China came to realise its Copenhagen stance was a PR fail, and has been saying the lesson to be learned is to proactively shape the discourse, with a positive message. That is what we are now seeing unroll in Glasgow: lots of positive slogans, which conceal alarming realities, and need decoding.

But first, back to those other COPs. Even the most successful, Paris 2015, failed in several ways:

  1. The basic architecture of the 1992 Kyoto Protocol remains in place, sharply differentiating the responsibilities of developed and developing countries, with China sticking firmly to its outdated categorisation as a developing country. Hence China’s favourite slogan: common but differentiated responsibilities.
  2. Paris 2015 failed to produce any agreed targets beyond aiming globally at a temperature rise of two degrees, which on analysis after Paris turned out to add up to actually 2.7 degrees, while the scientists have long argued that once temperature rises more than 1.5 degrees, you get a tipping point where it all spirals out of control, and effective human action then becomes impossible. Ostensibly, Glasgow is all about locking in actions that achieve a heating of no more than 1.5 degrees.
  3. Paris reached agreement only by letting each country set its own target, called an NDC -Nationally Determined Contribution. At Paris all countries submitted their NDC, and agreed to do so again five years hence, which is Glasgow now. China at the last minute just prior to the Glasgow COP did submit an NDC, which is no advance on previous statements, despite the pressure to lift ambitions and deliver outcomes. Xi Jinping is not attending the Glasgow summit in person.
  4. COPs since Paris 2015 were dedicated to tech stuff including reaching agreement on how emissions are measured, in order to reach a uniform standard. Since carbon isn’t the only emission that heats the atmosphere, and different pollutants affect the air differently, and persist in the air for different periods, agreement on measurement is important. China blocked any agreement. China has taken every opportunity to reject any agreed standard of measurement.
  5. At Paris China fudged its emissions reduction pledge by defining it as reducing carbon use per unit of GDP, not the same thing as actual tonnage emissions reduction at all.

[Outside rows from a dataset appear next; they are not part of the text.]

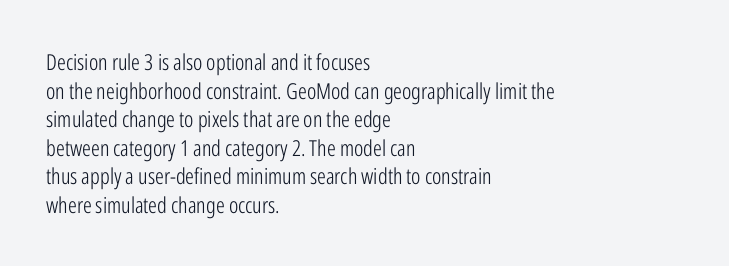
The image shows 22 px text type, upright; set left-aligned, normal line spacing (1.3x), normal letter spacing, not underlined.
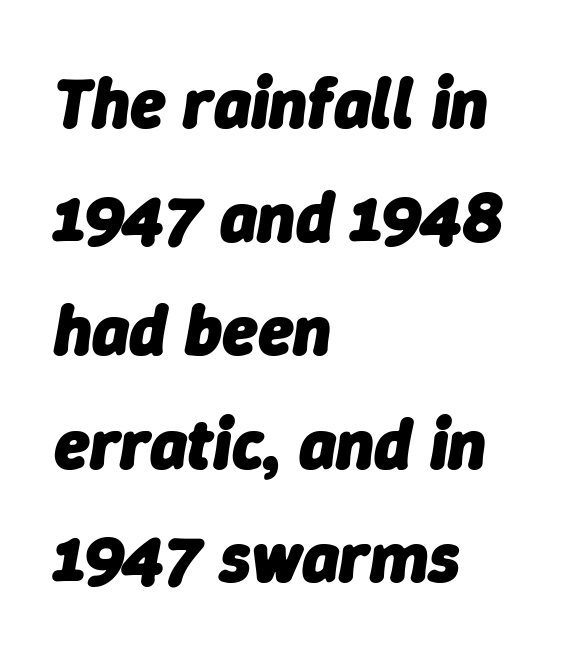
{"italic": "yes", "lean": "right", "slant_degrees": 9, "bold": "yes", "weight": "heavy", "width": "normal", "stroke_contrast": "low", "x_height": "medium", "monospaced": "no", "underline": "no", "align": "left", "line_spacing": "normal", "line_spacing_ratio": 1.6, "letter_spacing": "normal", "letter_spacing_em": 0.0, "glyph_px": 71}
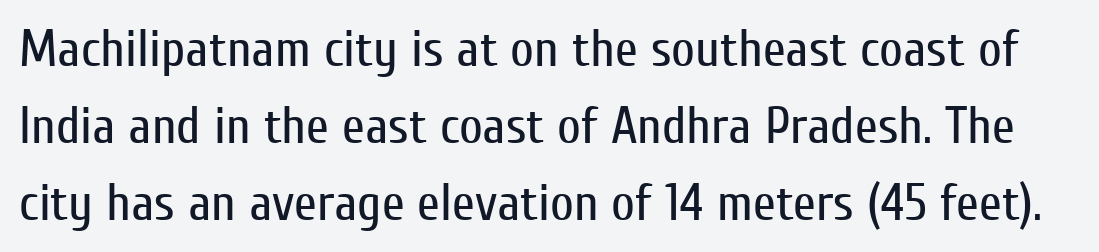
Q: Is the text bold? A: No.
Q: Is the text italic (slanted)? A: No, it is upright.
Q: Is the typeface a serif or a sans-serif typeface? A: Sans-serif.
Q: Is the text underlined? A: No.
Q: Is the spacing between letters normal or unusually wide? A: Normal.
Q: Is the spacing between lines tight, normal or loose? A: Normal.
Q: Width (condensed, normal, or wide)? A: Condensed.
Q: Stroke contrast? A: Low.
Q: x-height? A: Medium.
Q: Monospaced? A: No.
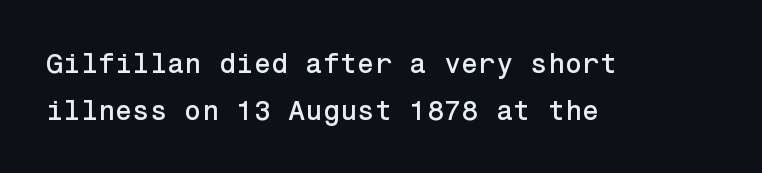
Is the letter spacing exaggerated? No — it looks like the ordinary default. The specimen reads as upright at a glance. Left-aligned paragraph, ragged on the right. The passage shown is typeset with a sans-serif family. One glance says typical: line gaps are just what's usual.
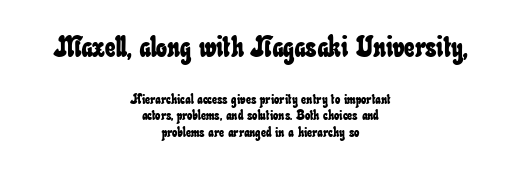
The image shows 29 px condensed type; set centered, line spacing 1.19x, normal letter spacing, not underlined; the first (top) block is 2.07x larger; low stroke contrast and a small x-height.
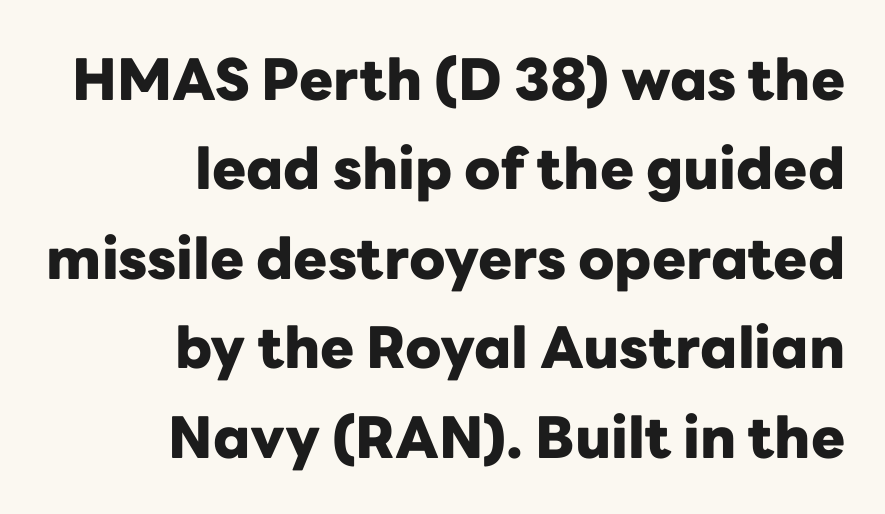
Q: Is the text bold? A: Yes.
Q: Is the text italic (slanted)? A: No, it is upright.
Q: Is the typeface a serif or a sans-serif typeface? A: Sans-serif.
Q: Is the text underlined? A: No.
Q: How is the paragraph aligned? A: Right-aligned.
Q: Is the spacing between letters normal or unusually wide? A: Normal.
Q: Is the spacing between lines tight, normal or loose? A: Normal.
Q: Width (condensed, normal, or wide)? A: Normal.
Q: Stroke contrast? A: Low.
Q: x-height? A: Medium.
Q: Monospaced? A: No.

Having learned from Copenhagen COP 2009 that reputational damage is real damage, China has been pumping its ecological civilisation discourse, cranking up in 2020 with Xi Jinping’s pledge to somehow get to net zero by 2060, a full decade later than just about everyone else, plus a pledge to start reducing carbon emissions by 2030.

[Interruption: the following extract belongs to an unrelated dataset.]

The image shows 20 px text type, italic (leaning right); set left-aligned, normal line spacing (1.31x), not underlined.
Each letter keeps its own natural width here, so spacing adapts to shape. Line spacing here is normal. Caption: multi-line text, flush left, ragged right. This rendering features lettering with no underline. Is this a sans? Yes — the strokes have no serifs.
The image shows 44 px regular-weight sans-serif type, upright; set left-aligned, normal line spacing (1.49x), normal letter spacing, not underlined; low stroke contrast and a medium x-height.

These announcements were greeted by almost everyone as a wonderful breakthrough, China was universally praised for becoming one of the good guys, even a world leader.

In reality, the 2030 emissions pledge had been made before. What it means is that until 2030 China’s emissions will continue to rise, and fall only after the decade in which the scientists say we must drastically reduce emissions. China’s pledge in no way matches what is needed.

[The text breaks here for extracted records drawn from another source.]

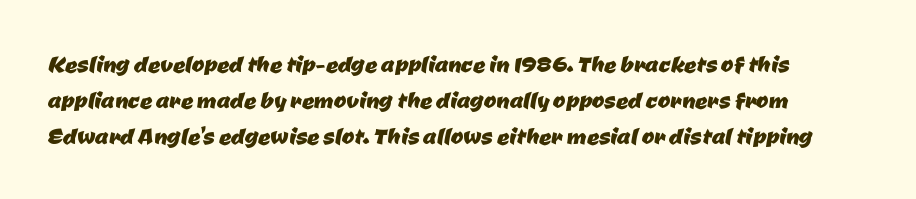
Descenders are the only things crossing below the line. This sample uses plain, unmodified letter spacing. Type style note: lacks serifs. Spacing verdict: proportional, widths tailored to each character.
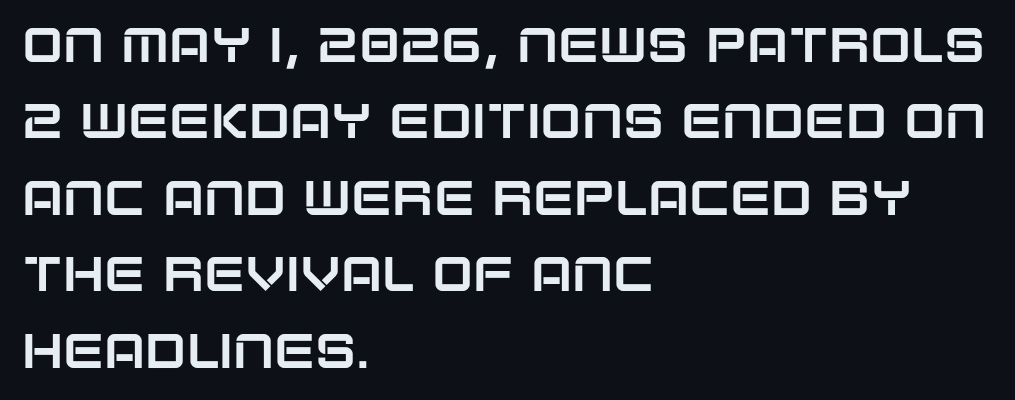
The axis of the letterforms is exactly vertical. Spacing between characters is what you'd get straight out of the box. Any mark beneath the type? The region is blank. A normal amount of white space separates one row of letters from the next.
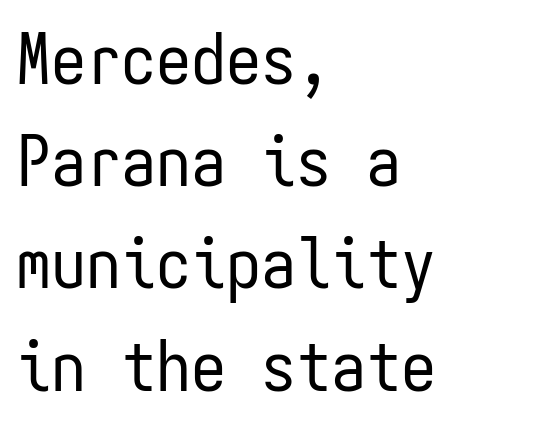
The image shows 70 px regular-weight, condensed sans-serif type, upright, monospaced; set left-aligned, normal line spacing (1.46x), normal letter spacing, not underlined; low stroke contrast and a medium x-height.

Xi Jinping also got rave reviews for pledging no more coal fired power stations would be built around the world as Belt & Road projects. But coal fired power is still being built in China, even as some of the dirtiest and least efficient plants are closing.

The gap between China’s vague, hard to quantify pledges, and what is needed, remains huge.

China remains committed to further urbanising, which means more carbon use and extraction of minerals; likewise China’s official goal is that by 2049 it will be as rich as the richest of countries worldwide, totally unsustainable global footprint incompatible with carbon net zero. Very few analysts connect the dots.